Clients and agencies come to the New Statesman because they want to meet that audience, Stone says. And putting their podcasts in the main mix of all their other content makes them profitable.  

Platform revenues

Platform revenues (the New Statesman works with podcast company Acast and has a co-selling arrangement) remain “incredibly useful”, but the New Statesman also offer podcasts as part of multi-format packages within the wider stable of content. This might include clients sponsoring live events or running ads on the website.

Thinking holistically about your commercial offering, including podcasts, is vital. One of the most successful things that we have done is to break down the silos between the different departments, and bring all of those into multi-format packages that our sales team can easily say to a client, [if] you want to hit this audience, here’s the solution.

But it all comes down to giving the audience what it wants. And the best thing about podcasts, Stone says, is “the way they can welcome people into their own tribe.
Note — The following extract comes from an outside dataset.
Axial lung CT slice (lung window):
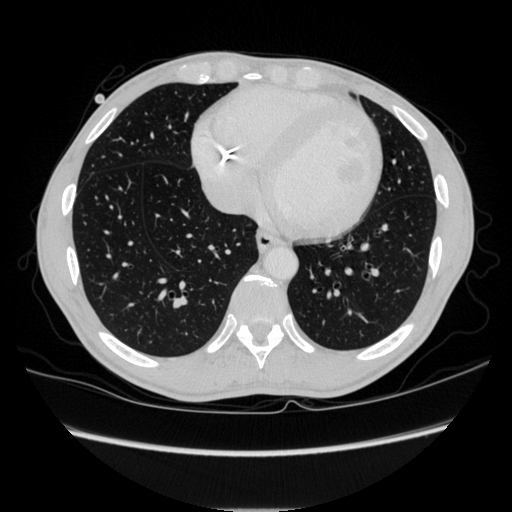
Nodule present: no

And if the hosts are warm, and if they [the audience] like the characters, then they feel part of the gang.”

“What AI can’t do is that community-building personal relationship, so anything that we can do now to build real-world personal relationships with people, human to human – and that can be podcasts,  that can be newsletters , that can be live events –  is AI-proof.”

You can watch highlights (and view the key timestamps) from our interview with Chris below:

Key Time Stamps

1:14 > There is clearly an audience appetite for political podcasts. I mean, the success of The Rest Is Politics, everybody knows, is stratospheric, at the top of the charts. Same with The News Agents. That’s news and politics at the top of the charts. The Apple podcast charts are dominated by political discussion. And we have seen on the New Statesman podcast that there is a growing appetite for quality content, quality analysis that helps people understand the forces that are shaping the world right now.

14:33 > Broadly we find podcast listeners are fairly tolerant of ads. I think there is a fairly standard acceptance that I’m getting this piece of content for free, therefore it’s going to have ads on it.

23:40 >  There are multiple examples of niche publishers releasing podcasts that reach maybe hundreds of listeners a week but because of who those audience are, that is a monetizable product. Don’t fear the small and niche. There’s power in that.